→ Input material
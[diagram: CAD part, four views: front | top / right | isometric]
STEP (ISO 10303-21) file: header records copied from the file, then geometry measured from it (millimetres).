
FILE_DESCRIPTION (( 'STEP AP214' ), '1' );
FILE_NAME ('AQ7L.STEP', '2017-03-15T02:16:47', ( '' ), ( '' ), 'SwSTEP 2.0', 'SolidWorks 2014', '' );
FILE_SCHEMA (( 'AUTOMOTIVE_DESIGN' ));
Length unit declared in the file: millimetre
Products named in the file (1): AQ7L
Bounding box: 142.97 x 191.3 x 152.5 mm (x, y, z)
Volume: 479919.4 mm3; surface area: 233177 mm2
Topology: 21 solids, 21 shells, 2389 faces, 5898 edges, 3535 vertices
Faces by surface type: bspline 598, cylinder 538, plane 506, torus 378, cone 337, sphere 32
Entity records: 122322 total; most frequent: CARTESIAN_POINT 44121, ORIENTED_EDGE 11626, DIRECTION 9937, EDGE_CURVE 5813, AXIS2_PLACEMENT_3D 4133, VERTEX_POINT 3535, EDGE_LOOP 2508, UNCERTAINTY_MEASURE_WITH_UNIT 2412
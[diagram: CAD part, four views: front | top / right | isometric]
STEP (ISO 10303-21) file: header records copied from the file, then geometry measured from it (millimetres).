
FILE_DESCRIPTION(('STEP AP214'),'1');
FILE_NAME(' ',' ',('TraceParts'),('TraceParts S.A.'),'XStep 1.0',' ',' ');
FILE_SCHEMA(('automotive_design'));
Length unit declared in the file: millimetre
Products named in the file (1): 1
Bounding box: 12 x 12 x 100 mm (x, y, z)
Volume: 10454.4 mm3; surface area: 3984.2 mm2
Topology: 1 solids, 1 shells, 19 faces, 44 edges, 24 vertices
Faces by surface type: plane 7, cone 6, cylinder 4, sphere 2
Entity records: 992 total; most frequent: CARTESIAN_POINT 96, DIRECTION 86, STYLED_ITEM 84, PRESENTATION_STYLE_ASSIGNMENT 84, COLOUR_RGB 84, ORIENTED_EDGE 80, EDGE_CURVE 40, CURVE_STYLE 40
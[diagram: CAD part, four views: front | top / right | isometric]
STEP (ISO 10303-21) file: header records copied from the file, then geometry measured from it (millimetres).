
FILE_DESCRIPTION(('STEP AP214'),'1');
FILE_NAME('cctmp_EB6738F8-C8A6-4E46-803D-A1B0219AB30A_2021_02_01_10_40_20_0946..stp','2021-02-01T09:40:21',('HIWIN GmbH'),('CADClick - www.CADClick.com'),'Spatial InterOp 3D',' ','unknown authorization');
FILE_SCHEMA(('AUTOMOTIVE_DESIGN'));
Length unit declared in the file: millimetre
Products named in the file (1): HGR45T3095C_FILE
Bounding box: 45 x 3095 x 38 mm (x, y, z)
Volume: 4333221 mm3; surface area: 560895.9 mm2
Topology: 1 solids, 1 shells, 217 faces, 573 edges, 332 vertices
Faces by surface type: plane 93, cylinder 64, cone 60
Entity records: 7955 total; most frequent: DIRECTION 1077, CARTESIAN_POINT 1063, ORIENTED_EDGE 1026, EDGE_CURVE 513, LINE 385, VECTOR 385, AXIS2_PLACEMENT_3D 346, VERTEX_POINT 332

→ Exercise directions
The whole listing, word for word, is the required answer.

→ Your response
[diagram: CAD part, four views: front | top / right | isometric]
STEP (ISO 10303-21) file: header records copied from the file, then geometry measured from it (millimetres).
FILE_DESCRIPTION (( 'STEP AP214' ), '1' );
FILE_NAME ('AQ7L.STEP', '2017-03-15T02:16:47', ( '' ), ( '' ), 'SwSTEP 2.0', 'SolidWorks 2014', '' );
FILE_SCHEMA (( 'AUTOMOTIVE_DESIGN' ));
Length unit declared in the file: millimetre
Products named in the file (1): AQ7L
Bounding box: 142.97 x 191.3 x 152.5 mm (x, y, z)
Volume: 479919.4 mm3; surface area: 233177 mm2
Topology: 21 solids, 21 shells, 2389 faces, 5898 edges, 3535 vertices
Faces by surface type: bspline 598, cylinder 538, plane 506, torus 378, cone 337, sphere 32
Entity records: 122322 total; most frequent: CARTESIAN_POINT 44121, ORIENTED_EDGE 11626, DIRECTION 9937, EDGE_CURVE 5813, AXIS2_PLACEMENT_3D 4133, VERTEX_POINT 3535, EDGE_LOOP 2508, UNCERTAINTY_MEASURE_WITH_UNIT 2412
[diagram: CAD part, four views: front | top / right | isometric]
STEP (ISO 10303-21) file: header records copied from the file, then geometry measured from it (millimetres).
FILE_DESCRIPTION(('STEP AP214'),'1');
FILE_NAME(' ',' ',('TraceParts'),('TraceParts S.A.'),'XStep 1.0',' ',' ');
FILE_SCHEMA(('automotive_design'));
Length unit declared in the file: millimetre
Products named in the file (1): 1
Bounding box: 12 x 12 x 100 mm (x, y, z)
Volume: 10454.4 mm3; surface area: 3984.2 mm2
Topology: 1 solids, 1 shells, 19 faces, 44 edges, 24 vertices
Faces by surface type: plane 7, cone 6, cylinder 4, sphere 2
Entity records: 992 total; most frequent: CARTESIAN_POINT 96, DIRECTION 86, STYLED_ITEM 84, PRESENTATION_STYLE_ASSIGNMENT 84, COLOUR_RGB 84, ORIENTED_EDGE 80, EDGE_CURVE 40, CURVE_STYLE 40
[diagram: CAD part, four views: front | top / right | isometric]
STEP (ISO 10303-21) file: header records copied from the file, then geometry measured from it (millimetres).
FILE_DESCRIPTION(('STEP AP214'),'1');
FILE_NAME('cctmp_EB6738F8-C8A6-4E46-803D-A1B0219AB30A_2021_02_01_10_40_20_0946..stp','2021-02-01T09:40:21',('HIWIN GmbH'),('CADClick - www.CADClick.com'),'Spatial InterOp 3D',' ','unknown authorization');
FILE_SCHEMA(('AUTOMOTIVE_DESIGN'));
Length unit declared in the file: millimetre
Products named in the file (1): HGR45T3095C_FILE
Bounding box: 45 x 3095 x 38 mm (x, y, z)
Volume: 4333221 mm3; surface area: 560895.9 mm2
Topology: 1 solids, 1 shells, 217 faces, 573 edges, 332 vertices
Faces by surface type: plane 93, cylinder 64, cone 60
Entity records: 7955 total; most frequent: DIRECTION 1077, CARTESIAN_POINT 1063, ORIENTED_EDGE 1026, EDGE_CURVE 513, LINE 385, VECTOR 385, AXIS2_PLACEMENT_3D 346, VERTEX_POINT 332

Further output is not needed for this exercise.